» WHAT YOU SHOULD DO
Down to the final line, write out the material beneath exactly, without pictures.

» INFORMATION
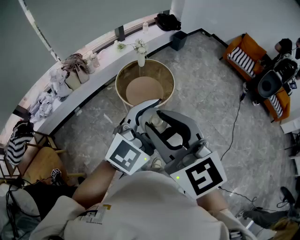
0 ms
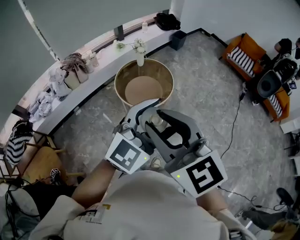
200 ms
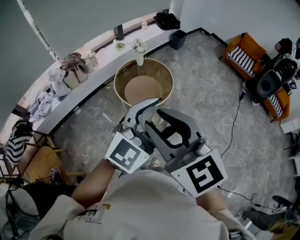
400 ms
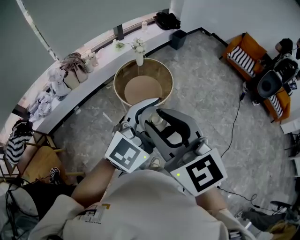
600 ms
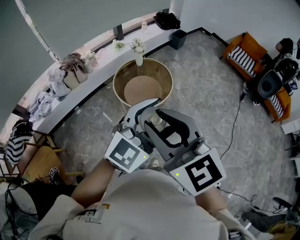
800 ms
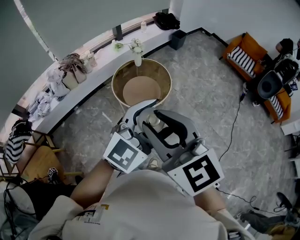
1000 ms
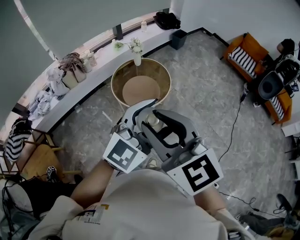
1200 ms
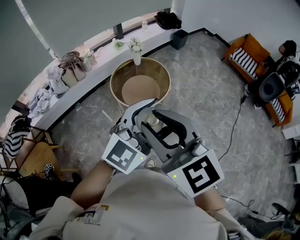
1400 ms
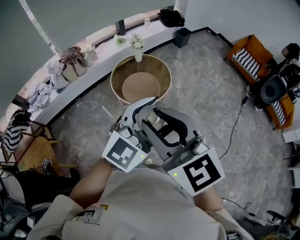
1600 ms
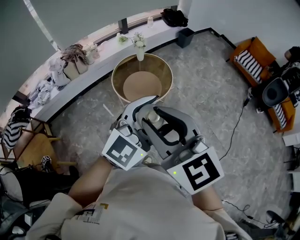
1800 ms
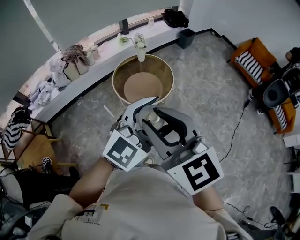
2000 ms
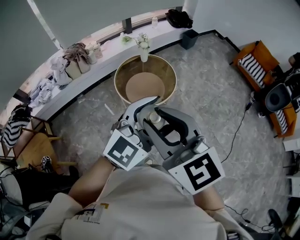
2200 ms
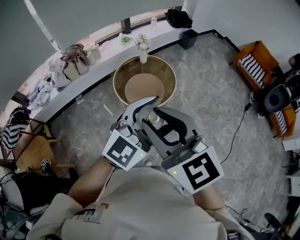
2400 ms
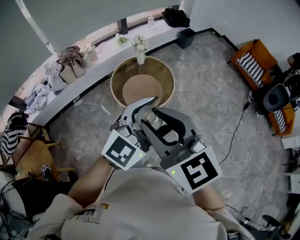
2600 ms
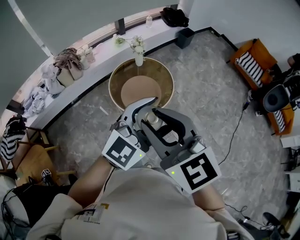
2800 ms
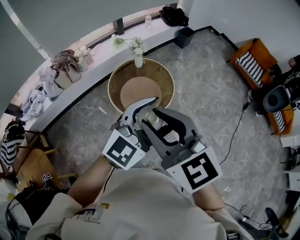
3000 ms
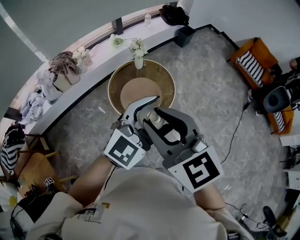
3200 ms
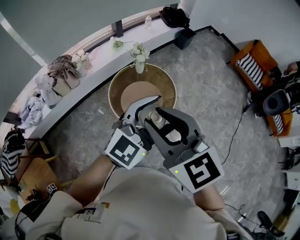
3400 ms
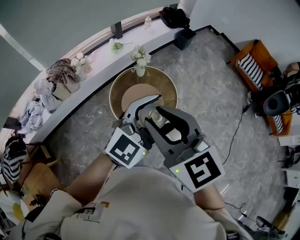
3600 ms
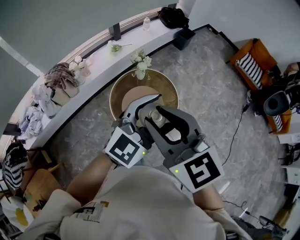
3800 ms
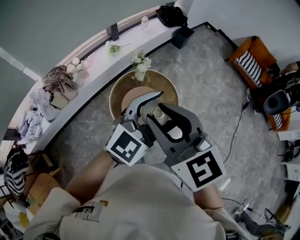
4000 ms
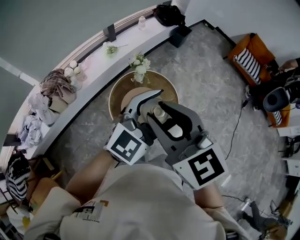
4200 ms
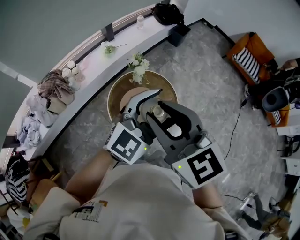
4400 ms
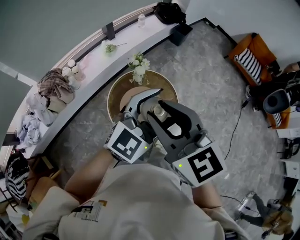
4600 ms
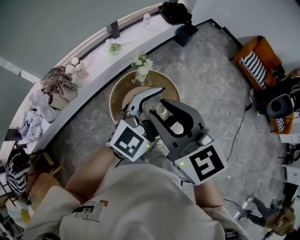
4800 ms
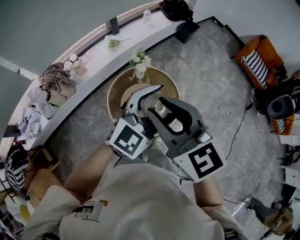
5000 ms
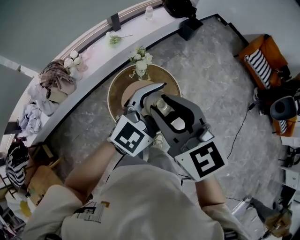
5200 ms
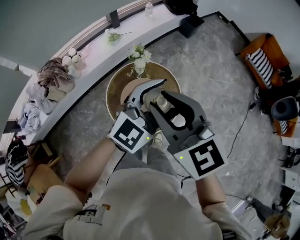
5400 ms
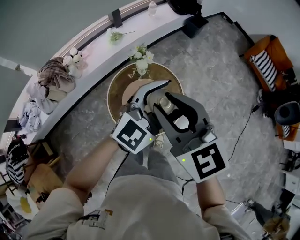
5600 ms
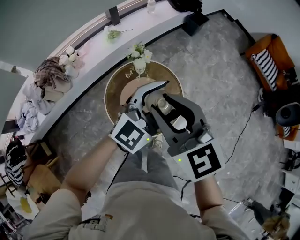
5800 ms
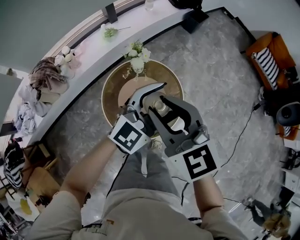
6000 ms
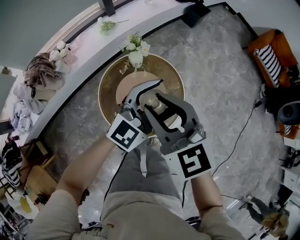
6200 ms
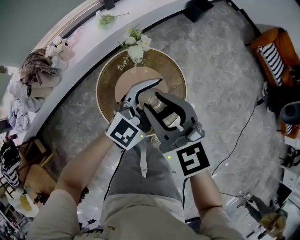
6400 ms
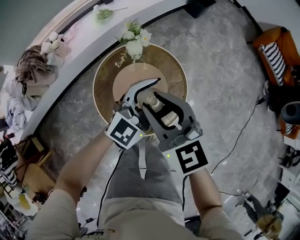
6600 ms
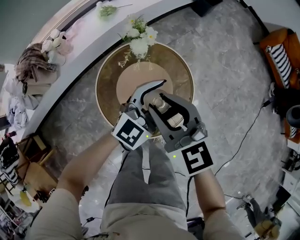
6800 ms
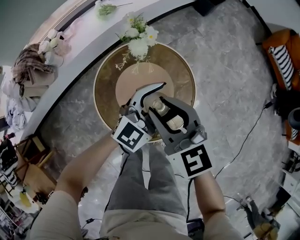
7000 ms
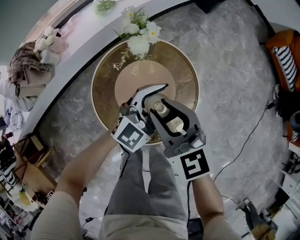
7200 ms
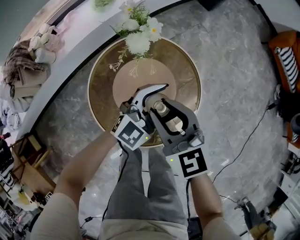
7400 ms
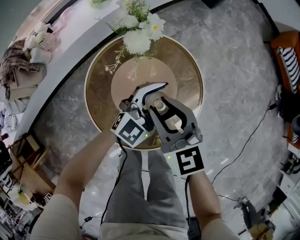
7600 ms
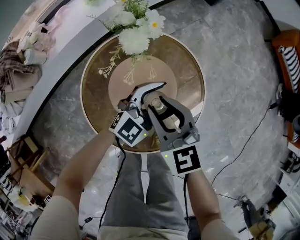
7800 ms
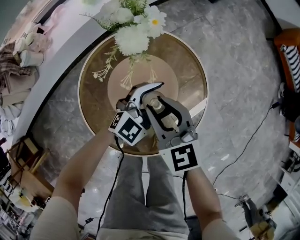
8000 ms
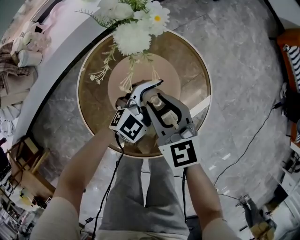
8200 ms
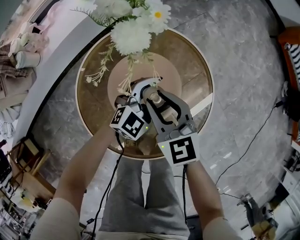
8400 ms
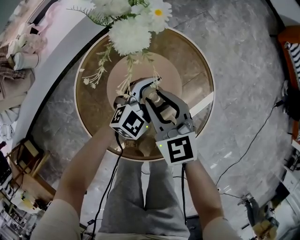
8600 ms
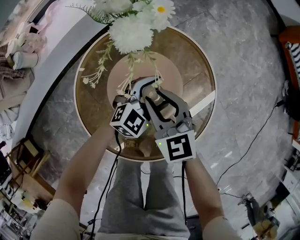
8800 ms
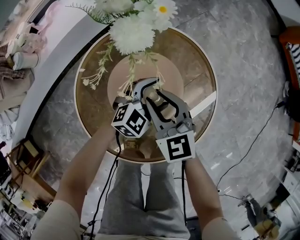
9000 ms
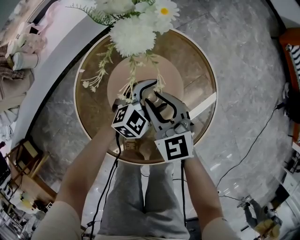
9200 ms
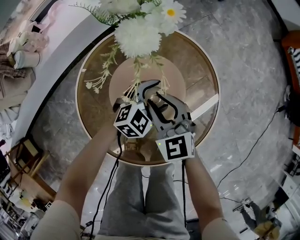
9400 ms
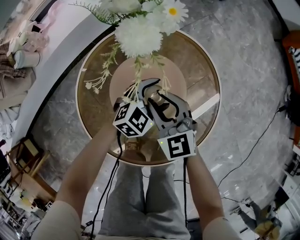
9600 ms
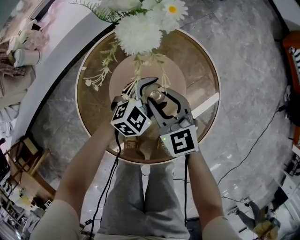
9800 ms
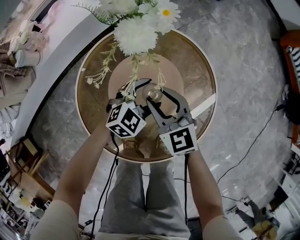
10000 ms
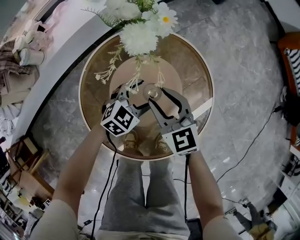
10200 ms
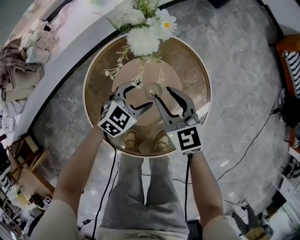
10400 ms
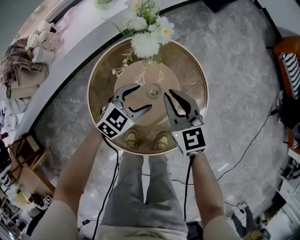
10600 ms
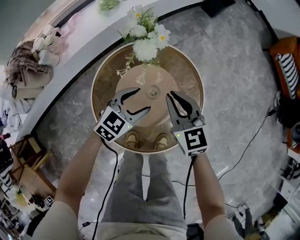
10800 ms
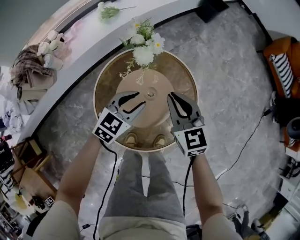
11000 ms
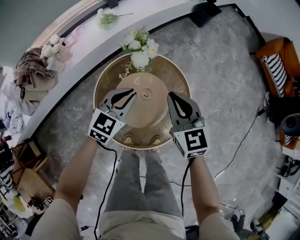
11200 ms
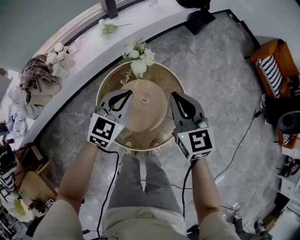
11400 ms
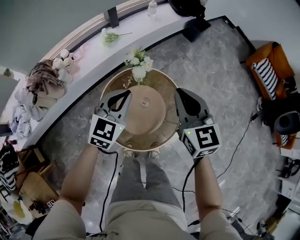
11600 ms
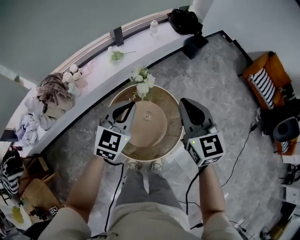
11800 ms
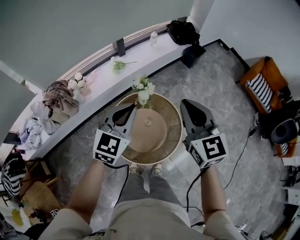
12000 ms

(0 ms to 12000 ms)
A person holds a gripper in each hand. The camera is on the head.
0 ms - 1600 ms: Both grippers move to the right, some 10 cm.
1600 ms - 3000 ms: Both grippers travel together forward, roughly 20 cm.
3000 ms - 4400 ms: The two grippers go roughly 30 cm forward and to the left.
4400 ms - 6000 ms: The grippers both shift downward and forward by some 20 cm.
6000 ms - 7600 ms: Both grippers travel together downward, roughly 35 cm.
7600 ms - 9000 ms: Both grippers travel together downward, about 20 cm. The left gripper swivels roughly 20 degrees.
9000 ms - 10400 ms: The left gripper travels to the left by roughly 5 cm. The right gripper moves some 5 cm.
10400 ms - 12000 ms: The two grippers go approximately 50 cm upward. The right gripper closes its fingers. The left gripper turns by some 30 degrees, and closes up.

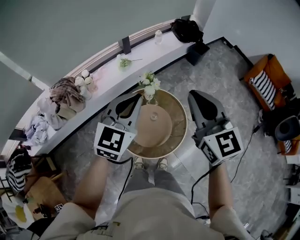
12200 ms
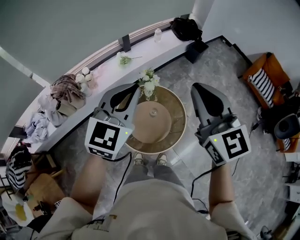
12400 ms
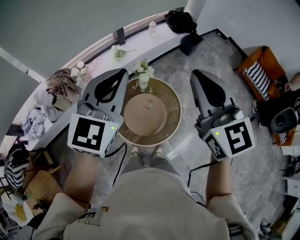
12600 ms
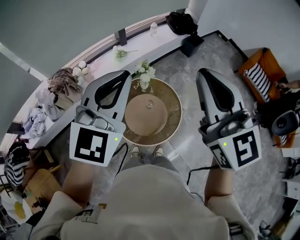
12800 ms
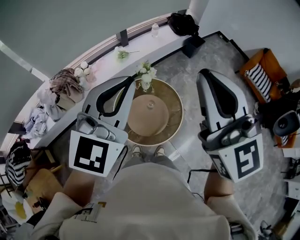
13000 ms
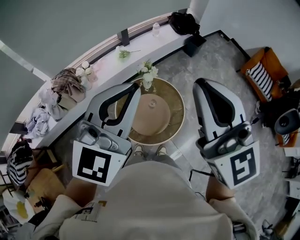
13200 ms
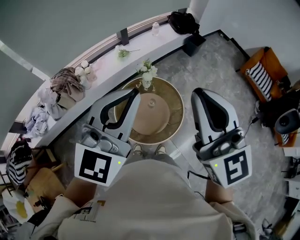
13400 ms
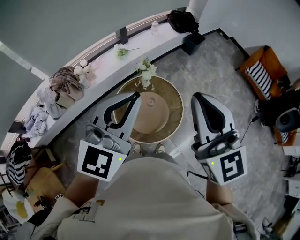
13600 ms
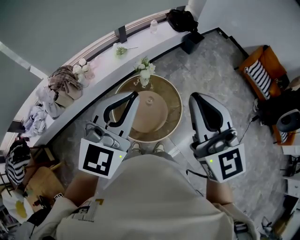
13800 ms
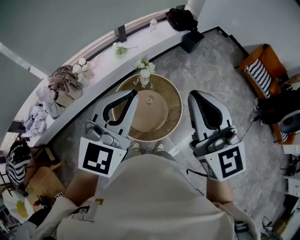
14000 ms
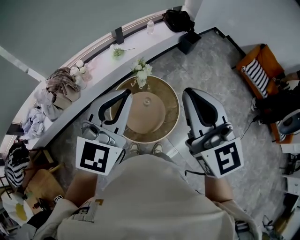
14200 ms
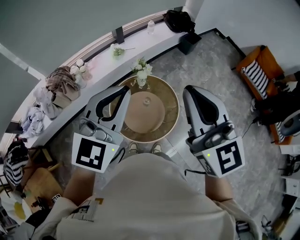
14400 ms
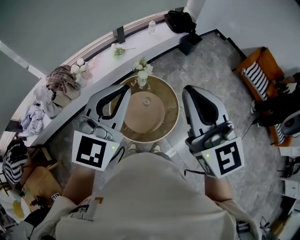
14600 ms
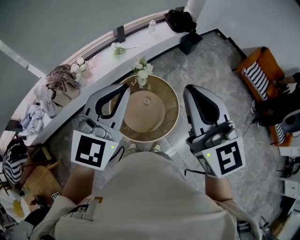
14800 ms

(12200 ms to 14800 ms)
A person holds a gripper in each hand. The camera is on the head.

» RESPONSE AREA
0 ms
200 ms
400 ms
600 ms
800 ms
1000 ms
1200 ms
1400 ms
1600 ms
1800 ms
2000 ms
2200 ms
2400 ms
2600 ms
2800 ms
3000 ms
3200 ms
3400 ms
3600 ms
3800 ms
4000 ms
4200 ms
4400 ms
4600 ms
4800 ms
5000 ms
5200 ms
5400 ms
5600 ms
5800 ms
6000 ms
6200 ms
6400 ms
6600 ms
6800 ms
7000 ms
7200 ms
7400 ms
7600 ms
7800 ms
8000 ms
8200 ms
8400 ms
8600 ms
8800 ms
9000 ms
9200 ms
9400 ms
9600 ms
9800 ms
10000 ms
10200 ms
10400 ms
10600 ms
10800 ms
11000 ms
11200 ms
11400 ms
11600 ms
11800 ms
12000 ms

(0 ms to 12000 ms)
A person holds a gripper in each hand. The camera is on the head.
0 ms - 1600 ms: Both grippers move to the right, some 10 cm.
1600 ms - 3000 ms: Both grippers travel together forward, roughly 20 cm.
3000 ms - 4400 ms: The two grippers go roughly 30 cm forward and to the left.
4400 ms - 6000 ms: The grippers both shift downward and forward by some 20 cm.
6000 ms - 7600 ms: Both grippers travel together downward, roughly 35 cm.
7600 ms - 9000 ms: Both grippers travel together downward, about 20 cm. The left gripper swivels roughly 20 degrees.
9000 ms - 10400 ms: The left gripper travels to the left by roughly 5 cm. The right gripper moves some 5 cm.
10400 ms - 12000 ms: The two grippers go approximately 50 cm upward. The right gripper closes its fingers. The left gripper turns by some 30 degrees, and closes up.

12200 ms
12400 ms
12600 ms
12800 ms
13000 ms
13200 ms
13400 ms
13600 ms
13800 ms
14000 ms
14200 ms
14400 ms
14600 ms
14800 ms

(12200 ms to 14800 ms)
A person holds a gripper in each hand. The camera is on the head.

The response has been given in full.